» Task objective
The full set of entries is to be printed exactly, with pictures excluded.

» Provided data
◆ ◆ ◆ ◆ ◆

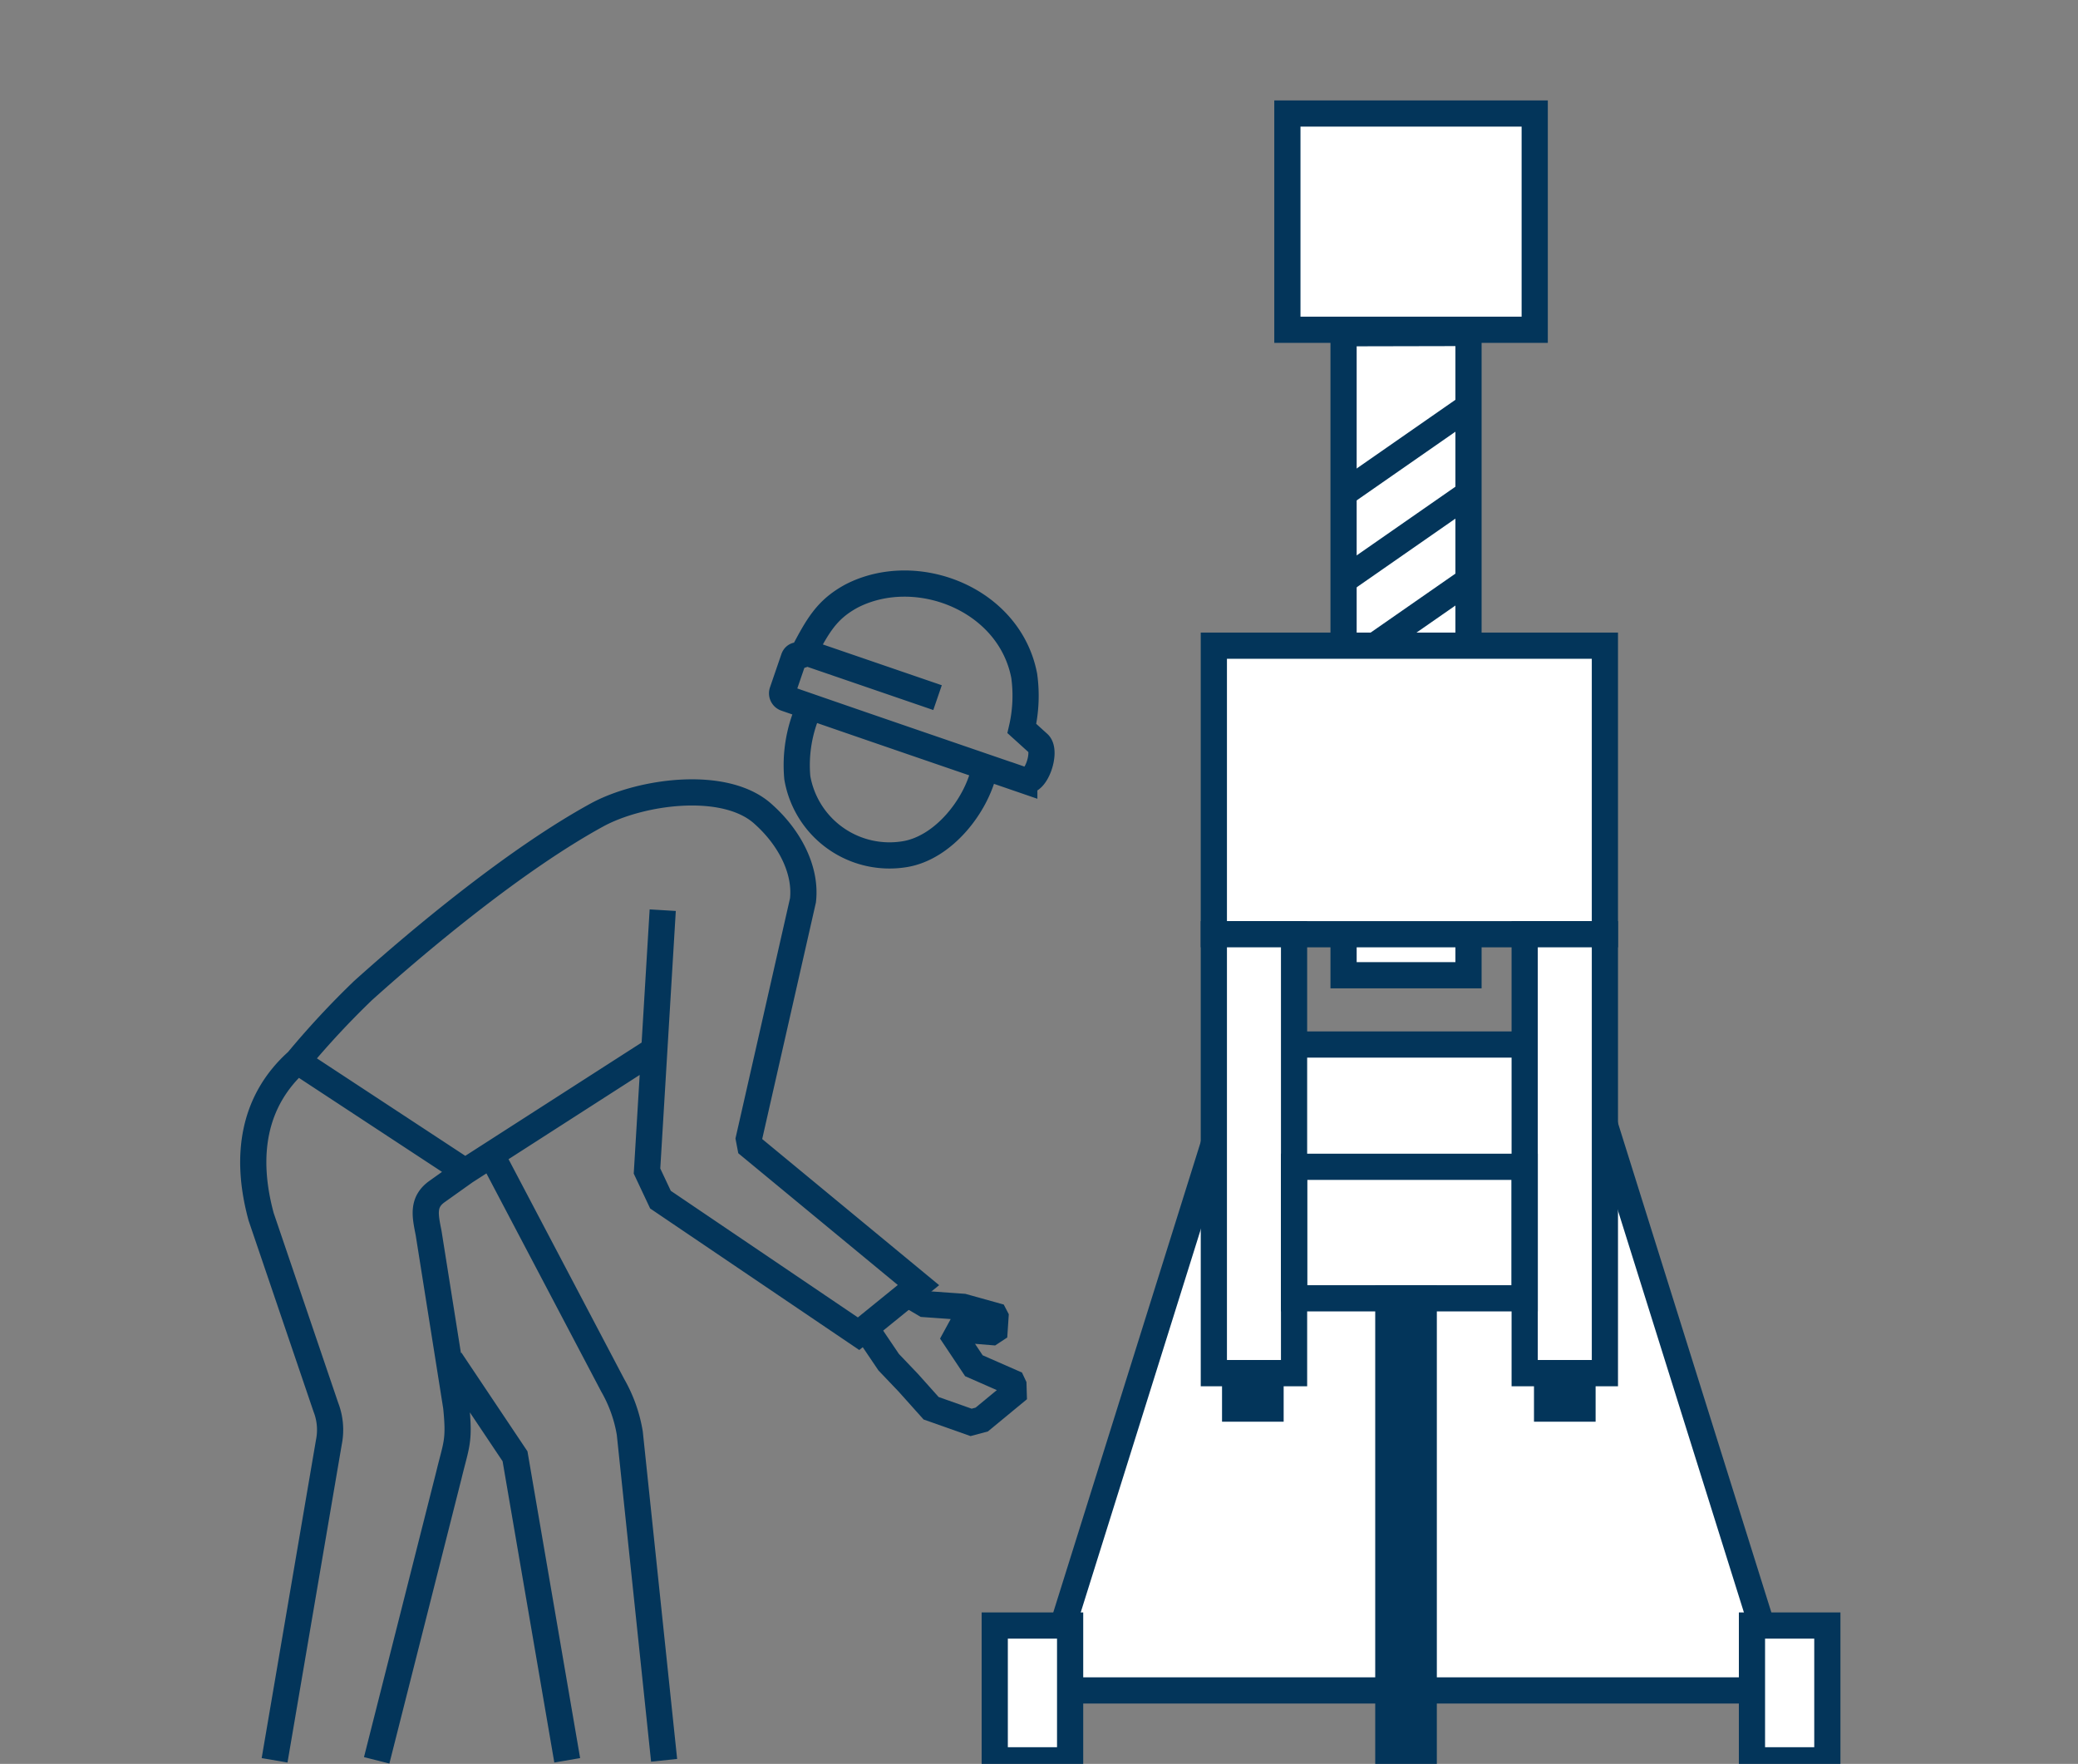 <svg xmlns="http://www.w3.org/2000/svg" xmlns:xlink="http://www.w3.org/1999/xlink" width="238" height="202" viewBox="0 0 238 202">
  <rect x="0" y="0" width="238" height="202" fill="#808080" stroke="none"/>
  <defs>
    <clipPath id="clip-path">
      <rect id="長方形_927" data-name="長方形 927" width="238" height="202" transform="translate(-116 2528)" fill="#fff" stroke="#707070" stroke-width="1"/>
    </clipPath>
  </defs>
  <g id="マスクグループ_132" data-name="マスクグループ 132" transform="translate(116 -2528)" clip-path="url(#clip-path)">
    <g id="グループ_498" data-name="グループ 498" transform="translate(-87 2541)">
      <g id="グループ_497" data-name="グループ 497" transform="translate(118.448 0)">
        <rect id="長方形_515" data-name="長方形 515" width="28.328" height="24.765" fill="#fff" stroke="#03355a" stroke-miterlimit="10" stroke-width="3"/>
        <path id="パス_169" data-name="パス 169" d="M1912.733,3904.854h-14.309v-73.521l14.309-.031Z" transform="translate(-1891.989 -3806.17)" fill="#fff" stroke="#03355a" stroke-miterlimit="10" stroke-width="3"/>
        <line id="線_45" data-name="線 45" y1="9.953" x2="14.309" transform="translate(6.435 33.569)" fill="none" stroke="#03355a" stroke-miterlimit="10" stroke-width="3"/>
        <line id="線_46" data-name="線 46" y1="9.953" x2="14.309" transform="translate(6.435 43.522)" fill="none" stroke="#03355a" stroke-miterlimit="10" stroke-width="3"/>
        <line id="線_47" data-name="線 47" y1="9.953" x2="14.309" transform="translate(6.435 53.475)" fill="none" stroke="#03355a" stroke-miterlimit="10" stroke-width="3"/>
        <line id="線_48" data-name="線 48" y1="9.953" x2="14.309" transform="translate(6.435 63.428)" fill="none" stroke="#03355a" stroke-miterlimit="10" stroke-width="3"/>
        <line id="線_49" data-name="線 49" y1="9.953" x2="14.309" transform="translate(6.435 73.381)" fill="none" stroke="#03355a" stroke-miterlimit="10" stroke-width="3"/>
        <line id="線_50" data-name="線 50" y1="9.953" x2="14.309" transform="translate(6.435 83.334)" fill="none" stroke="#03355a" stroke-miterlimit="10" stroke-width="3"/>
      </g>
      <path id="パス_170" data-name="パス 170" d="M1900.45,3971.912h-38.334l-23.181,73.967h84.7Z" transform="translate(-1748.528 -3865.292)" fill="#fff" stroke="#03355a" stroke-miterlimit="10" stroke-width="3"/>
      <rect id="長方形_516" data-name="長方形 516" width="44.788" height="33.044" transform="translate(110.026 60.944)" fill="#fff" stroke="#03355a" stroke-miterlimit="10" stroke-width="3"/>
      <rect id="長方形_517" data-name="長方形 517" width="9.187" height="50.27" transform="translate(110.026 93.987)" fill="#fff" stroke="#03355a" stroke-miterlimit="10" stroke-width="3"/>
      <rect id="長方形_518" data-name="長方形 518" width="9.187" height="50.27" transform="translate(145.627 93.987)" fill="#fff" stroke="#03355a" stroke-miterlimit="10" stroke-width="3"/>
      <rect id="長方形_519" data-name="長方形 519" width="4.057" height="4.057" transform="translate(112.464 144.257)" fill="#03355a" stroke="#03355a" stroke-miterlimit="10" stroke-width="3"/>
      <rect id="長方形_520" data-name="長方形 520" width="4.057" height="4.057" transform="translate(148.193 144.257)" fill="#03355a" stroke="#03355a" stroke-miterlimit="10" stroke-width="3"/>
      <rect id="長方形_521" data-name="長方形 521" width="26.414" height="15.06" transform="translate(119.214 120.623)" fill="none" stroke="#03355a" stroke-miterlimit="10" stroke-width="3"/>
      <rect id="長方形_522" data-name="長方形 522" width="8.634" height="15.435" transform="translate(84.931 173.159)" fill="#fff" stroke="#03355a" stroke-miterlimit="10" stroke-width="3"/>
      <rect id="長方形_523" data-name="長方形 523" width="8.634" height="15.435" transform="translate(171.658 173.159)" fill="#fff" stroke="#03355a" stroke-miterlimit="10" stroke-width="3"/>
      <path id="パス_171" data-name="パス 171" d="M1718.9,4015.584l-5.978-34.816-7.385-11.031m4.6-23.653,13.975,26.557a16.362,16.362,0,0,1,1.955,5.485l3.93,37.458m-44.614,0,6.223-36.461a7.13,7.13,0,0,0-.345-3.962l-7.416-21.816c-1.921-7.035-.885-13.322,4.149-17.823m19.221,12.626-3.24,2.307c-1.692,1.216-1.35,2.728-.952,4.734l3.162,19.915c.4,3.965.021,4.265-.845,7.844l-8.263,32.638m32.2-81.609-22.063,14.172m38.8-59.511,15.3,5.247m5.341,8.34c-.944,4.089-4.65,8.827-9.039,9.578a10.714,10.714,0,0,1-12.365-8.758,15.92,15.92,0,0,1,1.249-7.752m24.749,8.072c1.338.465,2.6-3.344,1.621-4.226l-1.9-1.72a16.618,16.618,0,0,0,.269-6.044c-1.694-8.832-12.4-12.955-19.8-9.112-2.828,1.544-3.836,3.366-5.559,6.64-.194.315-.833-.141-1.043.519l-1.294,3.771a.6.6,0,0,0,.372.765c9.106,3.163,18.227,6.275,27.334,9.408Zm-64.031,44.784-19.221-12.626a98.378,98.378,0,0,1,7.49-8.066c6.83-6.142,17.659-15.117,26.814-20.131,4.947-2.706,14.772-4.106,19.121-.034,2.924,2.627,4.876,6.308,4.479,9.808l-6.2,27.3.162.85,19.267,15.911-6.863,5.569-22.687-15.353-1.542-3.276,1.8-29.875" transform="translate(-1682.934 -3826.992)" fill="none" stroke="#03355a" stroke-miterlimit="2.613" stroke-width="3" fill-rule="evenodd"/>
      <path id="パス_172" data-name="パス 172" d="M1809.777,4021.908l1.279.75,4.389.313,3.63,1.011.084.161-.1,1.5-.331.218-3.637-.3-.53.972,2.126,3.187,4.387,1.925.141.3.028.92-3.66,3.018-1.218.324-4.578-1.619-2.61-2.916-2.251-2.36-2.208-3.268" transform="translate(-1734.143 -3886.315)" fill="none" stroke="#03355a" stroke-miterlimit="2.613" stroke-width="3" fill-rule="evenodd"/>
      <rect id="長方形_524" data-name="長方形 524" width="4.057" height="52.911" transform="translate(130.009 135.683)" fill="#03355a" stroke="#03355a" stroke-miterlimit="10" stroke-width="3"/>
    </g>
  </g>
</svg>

◆ ◆ ◆ ◆ ◆

» Exercise output
 <svg xmlns="http://www.w3.org/2000/svg" xmlns:xlink="http://www.w3.org/1999/xlink" width="238" height="202" viewBox="0 0 238 202">
  <rect x="0" y="0" width="238" height="202" fill="#808080" stroke="none"/>
  <defs>
    <clipPath id="clip-path">
      <rect id="長方形_927" data-name="長方形 927" width="238" height="202" transform="translate(-116 2528)" fill="#fff" stroke="#707070" stroke-width="1"/>
    </clipPath>
  </defs>
  <g id="マスクグループ_132" data-name="マスクグループ 132" transform="translate(116 -2528)" clip-path="url(#clip-path)">
    <g id="グループ_498" data-name="グループ 498" transform="translate(-87 2541)">
      <g id="グループ_497" data-name="グループ 497" transform="translate(118.448 0)">
        <rect id="長方形_515" data-name="長方形 515" width="28.328" height="24.765" fill="#fff" stroke="#03355a" stroke-miterlimit="10" stroke-width="3"/>
        <path id="パス_169" data-name="パス 169" d="M1912.733,3904.854h-14.309v-73.521l14.309-.031Z" transform="translate(-1891.989 -3806.17)" fill="#fff" stroke="#03355a" stroke-miterlimit="10" stroke-width="3"/>
        <line id="線_45" data-name="線 45" y1="9.953" x2="14.309" transform="translate(6.435 33.569)" fill="none" stroke="#03355a" stroke-miterlimit="10" stroke-width="3"/>
        <line id="線_46" data-name="線 46" y1="9.953" x2="14.309" transform="translate(6.435 43.522)" fill="none" stroke="#03355a" stroke-miterlimit="10" stroke-width="3"/>
        <line id="線_47" data-name="線 47" y1="9.953" x2="14.309" transform="translate(6.435 53.475)" fill="none" stroke="#03355a" stroke-miterlimit="10" stroke-width="3"/>
        <line id="線_48" data-name="線 48" y1="9.953" x2="14.309" transform="translate(6.435 63.428)" fill="none" stroke="#03355a" stroke-miterlimit="10" stroke-width="3"/>
        <line id="線_49" data-name="線 49" y1="9.953" x2="14.309" transform="translate(6.435 73.381)" fill="none" stroke="#03355a" stroke-miterlimit="10" stroke-width="3"/>
        <line id="線_50" data-name="線 50" y1="9.953" x2="14.309" transform="translate(6.435 83.334)" fill="none" stroke="#03355a" stroke-miterlimit="10" stroke-width="3"/>
      </g>
      <path id="パス_170" data-name="パス 170" d="M1900.45,3971.912h-38.334l-23.181,73.967h84.7Z" transform="translate(-1748.528 -3865.292)" fill="#fff" stroke="#03355a" stroke-miterlimit="10" stroke-width="3"/>
      <rect id="長方形_516" data-name="長方形 516" width="44.788" height="33.044" transform="translate(110.026 60.944)" fill="#fff" stroke="#03355a" stroke-miterlimit="10" stroke-width="3"/>
      <rect id="長方形_517" data-name="長方形 517" width="9.187" height="50.27" transform="translate(110.026 93.987)" fill="#fff" stroke="#03355a" stroke-miterlimit="10" stroke-width="3"/>
      <rect id="長方形_518" data-name="長方形 518" width="9.187" height="50.27" transform="translate(145.627 93.987)" fill="#fff" stroke="#03355a" stroke-miterlimit="10" stroke-width="3"/>
      <rect id="長方形_519" data-name="長方形 519" width="4.057" height="4.057" transform="translate(112.464 144.257)" fill="#03355a" stroke="#03355a" stroke-miterlimit="10" stroke-width="3"/>
      <rect id="長方形_520" data-name="長方形 520" width="4.057" height="4.057" transform="translate(148.193 144.257)" fill="#03355a" stroke="#03355a" stroke-miterlimit="10" stroke-width="3"/>
      <rect id="長方形_521" data-name="長方形 521" width="26.414" height="15.06" transform="translate(119.214 120.623)" fill="none" stroke="#03355a" stroke-miterlimit="10" stroke-width="3"/>
      <rect id="長方形_522" data-name="長方形 522" width="8.634" height="15.435" transform="translate(84.931 173.159)" fill="#fff" stroke="#03355a" stroke-miterlimit="10" stroke-width="3"/>
      <rect id="長方形_523" data-name="長方形 523" width="8.634" height="15.435" transform="translate(171.658 173.159)" fill="#fff" stroke="#03355a" stroke-miterlimit="10" stroke-width="3"/>
      <path id="パス_171" data-name="パス 171" d="M1718.9,4015.584l-5.978-34.816-7.385-11.031m4.6-23.653,13.975,26.557a16.362,16.362,0,0,1,1.955,5.485l3.93,37.458m-44.614,0,6.223-36.461a7.13,7.13,0,0,0-.345-3.962l-7.416-21.816c-1.921-7.035-.885-13.322,4.149-17.823m19.221,12.626-3.24,2.307c-1.692,1.216-1.35,2.728-.952,4.734l3.162,19.915c.4,3.965.021,4.265-.845,7.844l-8.263,32.638m32.2-81.609-22.063,14.172m38.8-59.511,15.3,5.247m5.341,8.34c-.944,4.089-4.65,8.827-9.039,9.578a10.714,10.714,0,0,1-12.365-8.758,15.92,15.92,0,0,1,1.249-7.752m24.749,8.072c1.338.465,2.6-3.344,1.621-4.226l-1.9-1.72a16.618,16.618,0,0,0,.269-6.044c-1.694-8.832-12.4-12.955-19.8-9.112-2.828,1.544-3.836,3.366-5.559,6.64-.194.315-.833-.141-1.043.519l-1.294,3.771a.6.6,0,0,0,.372.765c9.106,3.163,18.227,6.275,27.334,9.408Zm-64.031,44.784-19.221-12.626a98.378,98.378,0,0,1,7.49-8.066c6.83-6.142,17.659-15.117,26.814-20.131,4.947-2.706,14.772-4.106,19.121-.034,2.924,2.627,4.876,6.308,4.479,9.808l-6.2,27.3.162.85,19.267,15.911-6.863,5.569-22.687-15.353-1.542-3.276,1.8-29.875" transform="translate(-1682.934 -3826.992)" fill="none" stroke="#03355a" stroke-miterlimit="2.613" stroke-width="3" fill-rule="evenodd"/>
      <path id="パス_172" data-name="パス 172" d="M1809.777,4021.908l1.279.75,4.389.313,3.63,1.011.084.161-.1,1.5-.331.218-3.637-.3-.53.972,2.126,3.187,4.387,1.925.141.3.028.92-3.66,3.018-1.218.324-4.578-1.619-2.61-2.916-2.251-2.36-2.208-3.268" transform="translate(-1734.143 -3886.315)" fill="none" stroke="#03355a" stroke-miterlimit="2.613" stroke-width="3" fill-rule="evenodd"/>
      <rect id="長方形_524" data-name="長方形 524" width="4.057" height="52.911" transform="translate(130.009 135.683)" fill="#03355a" stroke="#03355a" stroke-miterlimit="10" stroke-width="3"/>
    </g>
  </g>
</svg>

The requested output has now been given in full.